_Task brief:_
An exact copy of all the data is needed, with every picture left out.

_Saved entries:_
--*--

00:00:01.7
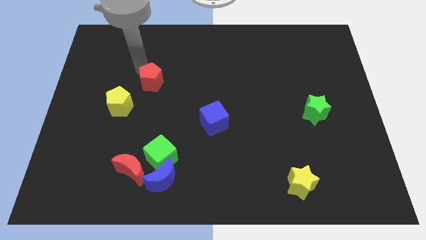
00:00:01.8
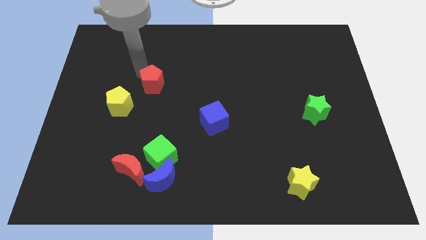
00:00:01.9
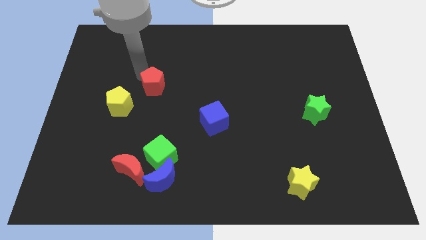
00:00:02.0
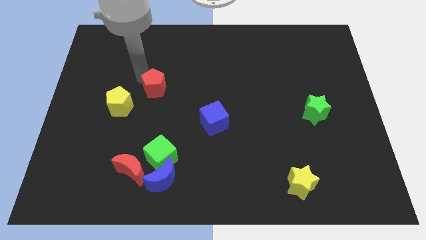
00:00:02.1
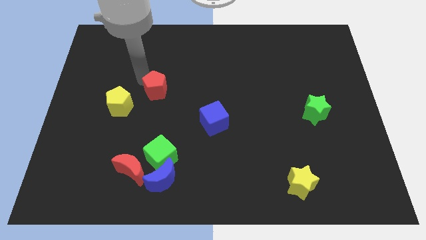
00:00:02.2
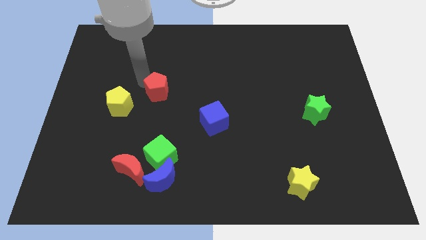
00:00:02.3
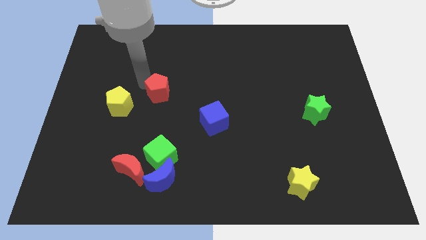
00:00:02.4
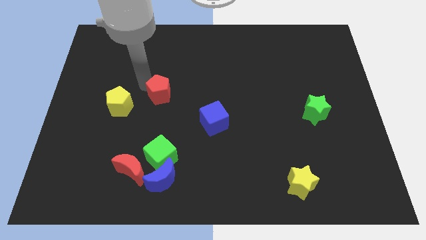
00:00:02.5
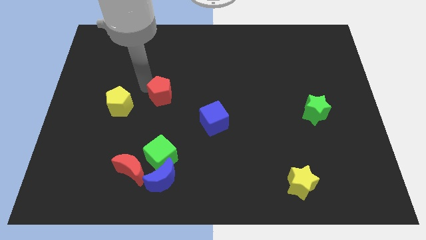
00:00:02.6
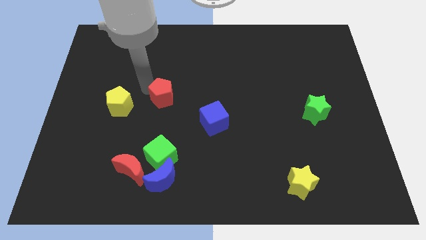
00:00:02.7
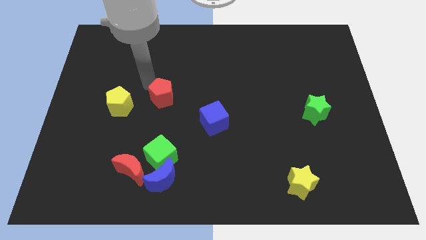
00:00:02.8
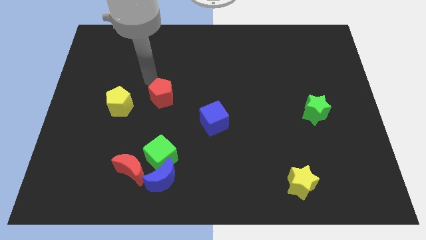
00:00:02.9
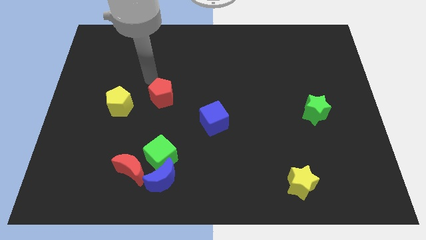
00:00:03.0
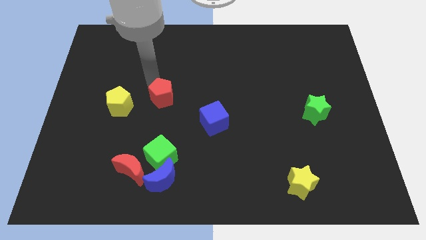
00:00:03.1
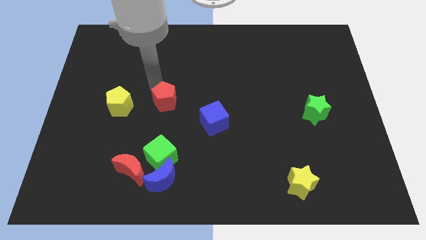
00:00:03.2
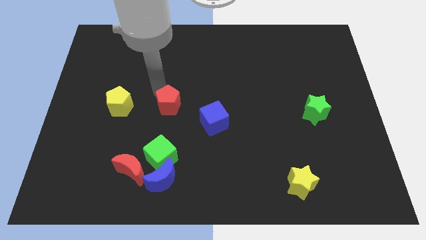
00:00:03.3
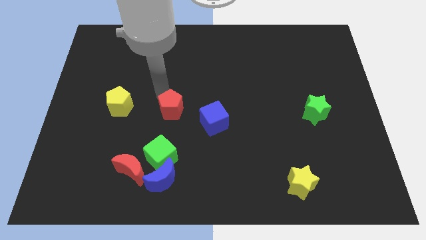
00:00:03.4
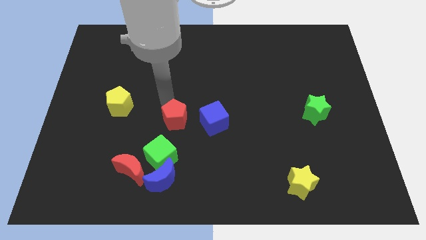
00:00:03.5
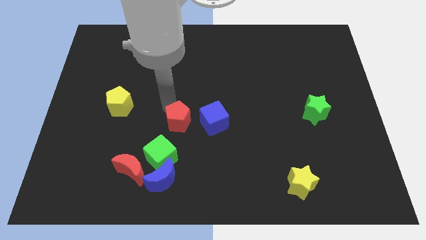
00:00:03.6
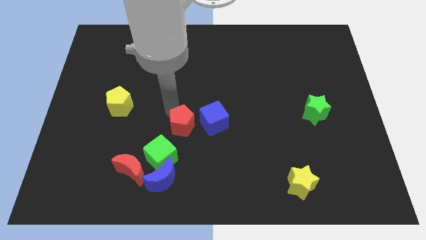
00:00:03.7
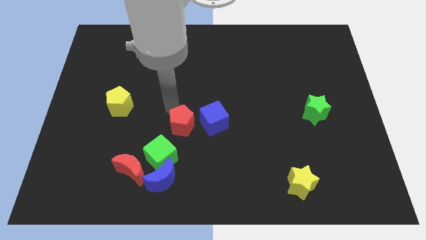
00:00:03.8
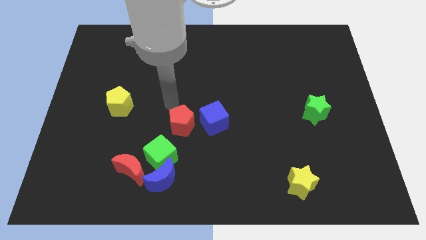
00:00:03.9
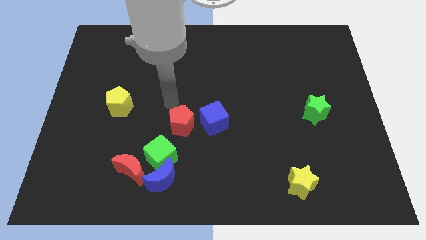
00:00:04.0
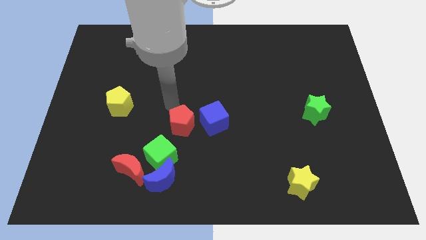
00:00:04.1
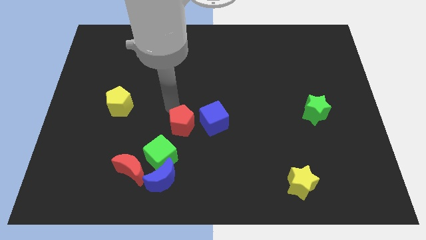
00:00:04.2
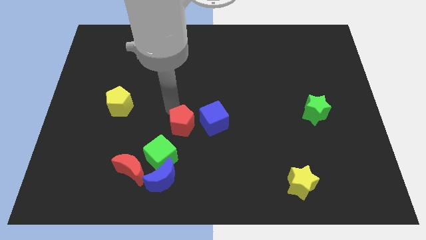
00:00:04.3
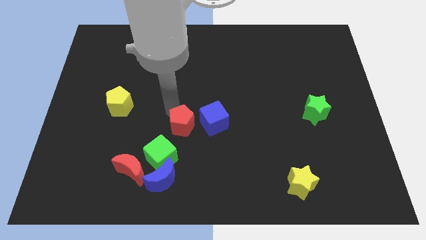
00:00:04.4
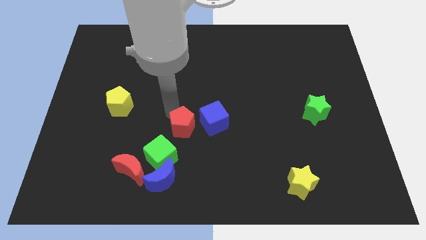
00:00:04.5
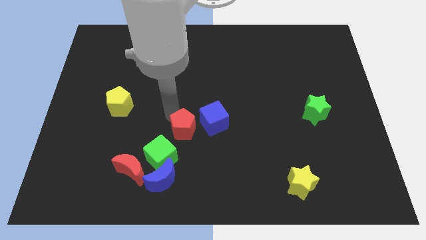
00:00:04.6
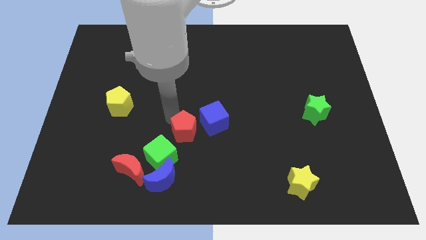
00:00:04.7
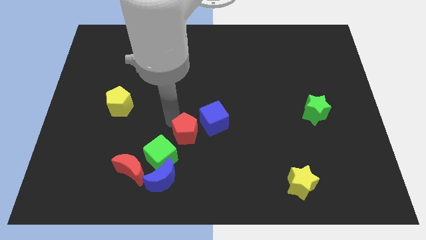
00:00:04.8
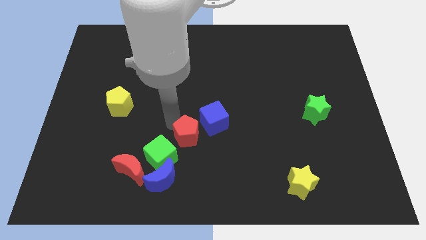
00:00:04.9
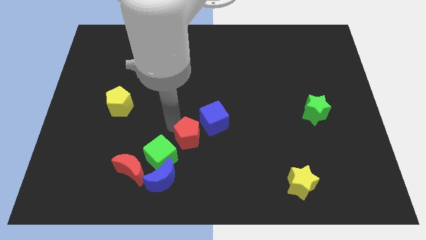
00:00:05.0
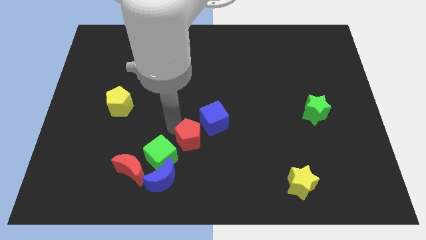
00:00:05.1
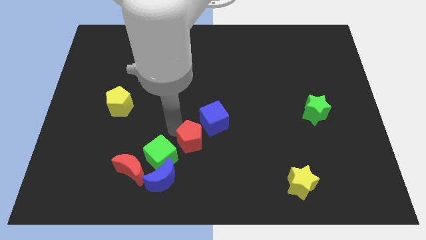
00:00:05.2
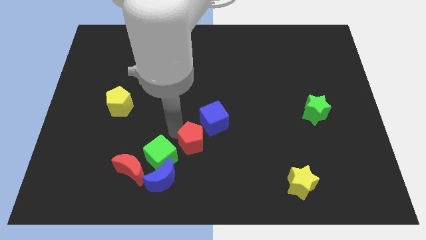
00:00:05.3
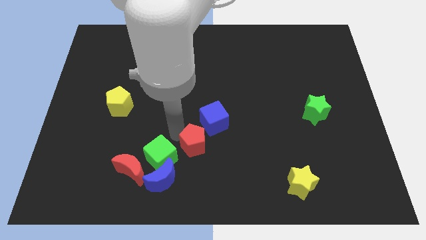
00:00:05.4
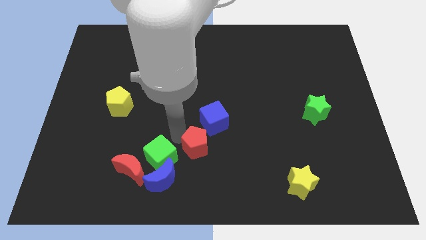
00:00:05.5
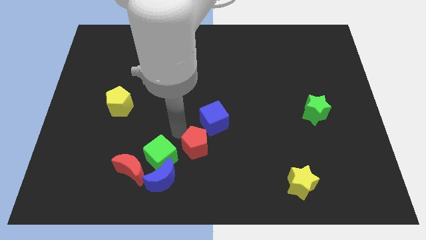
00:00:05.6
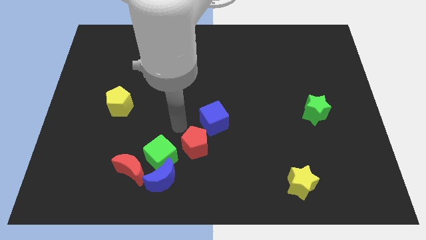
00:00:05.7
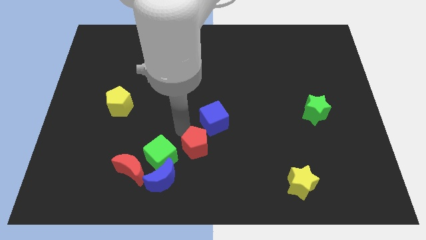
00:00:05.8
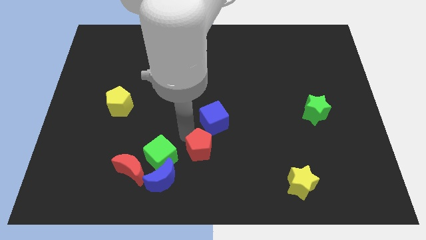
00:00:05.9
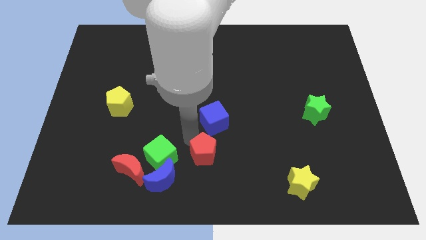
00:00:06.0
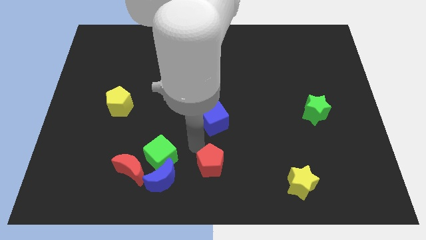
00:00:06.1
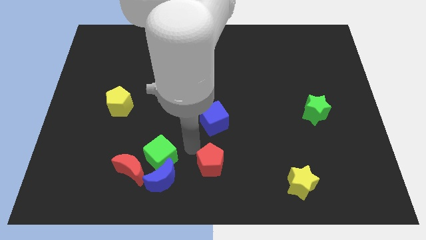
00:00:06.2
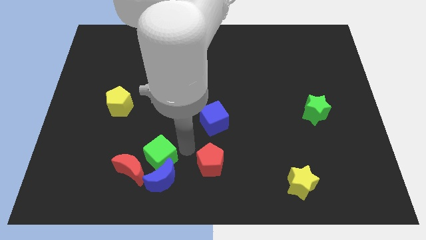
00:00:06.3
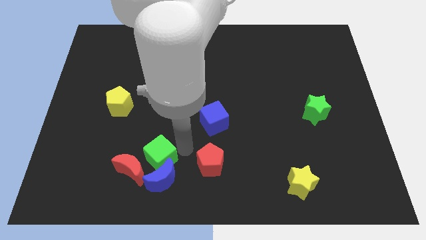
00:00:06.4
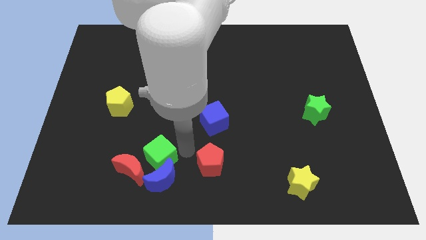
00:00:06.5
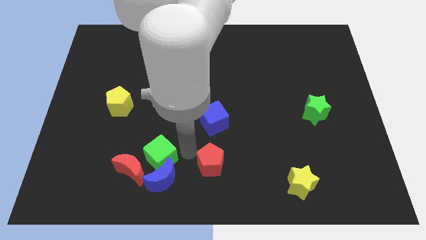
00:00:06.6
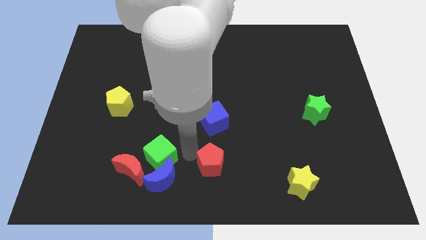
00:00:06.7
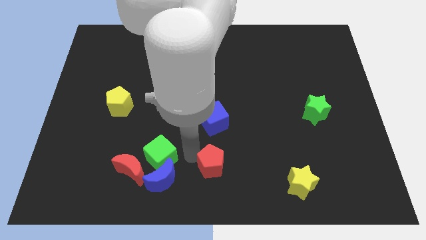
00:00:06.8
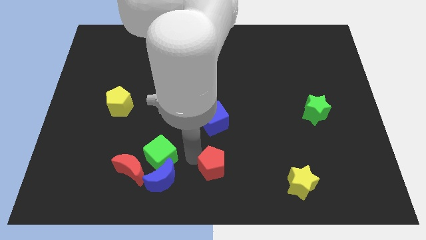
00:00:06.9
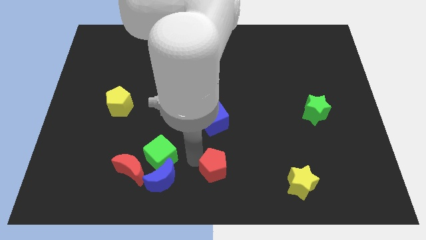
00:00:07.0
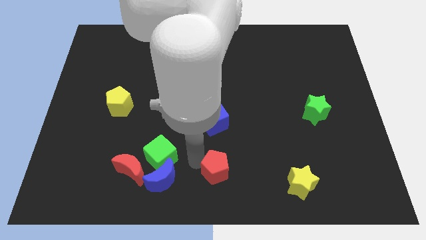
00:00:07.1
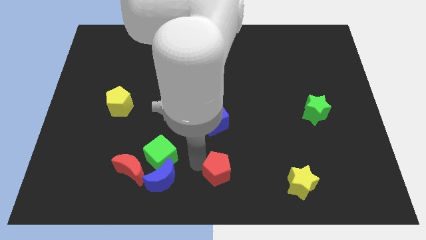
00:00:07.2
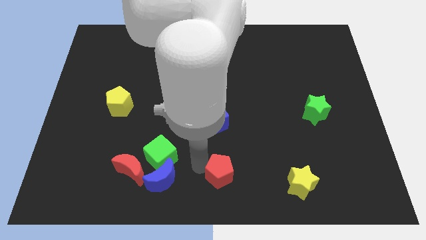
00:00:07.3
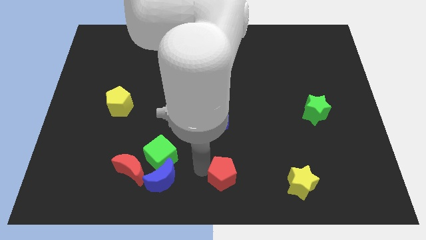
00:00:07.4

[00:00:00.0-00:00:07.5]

--*--

_Exercise answer:_
00:00:01.7
00:00:01.8
00:00:01.9
00:00:02.0
00:00:02.1
00:00:02.2
00:00:02.3
00:00:02.4
00:00:02.5
00:00:02.6
00:00:02.7
00:00:02.8
00:00:02.9
00:00:03.0
00:00:03.1
00:00:03.2
00:00:03.3
00:00:03.4
00:00:03.5
00:00:03.6
00:00:03.7
00:00:03.8
00:00:03.9
00:00:04.0
00:00:04.1
00:00:04.2
00:00:04.3
00:00:04.4
00:00:04.5
00:00:04.6
00:00:04.7
00:00:04.8
00:00:04.9
00:00:05.0
00:00:05.1
00:00:05.2
00:00:05.3
00:00:05.4
00:00:05.5
00:00:05.6
00:00:05.7
00:00:05.8
00:00:05.9
00:00:06.0
00:00:06.1
00:00:06.2
00:00:06.3
00:00:06.4
00:00:06.5
00:00:06.6
00:00:06.7
00:00:06.8
00:00:06.9
00:00:07.0
00:00:07.1
00:00:07.2
00:00:07.3
00:00:07.4

[00:00:00.0-00:00:07.5]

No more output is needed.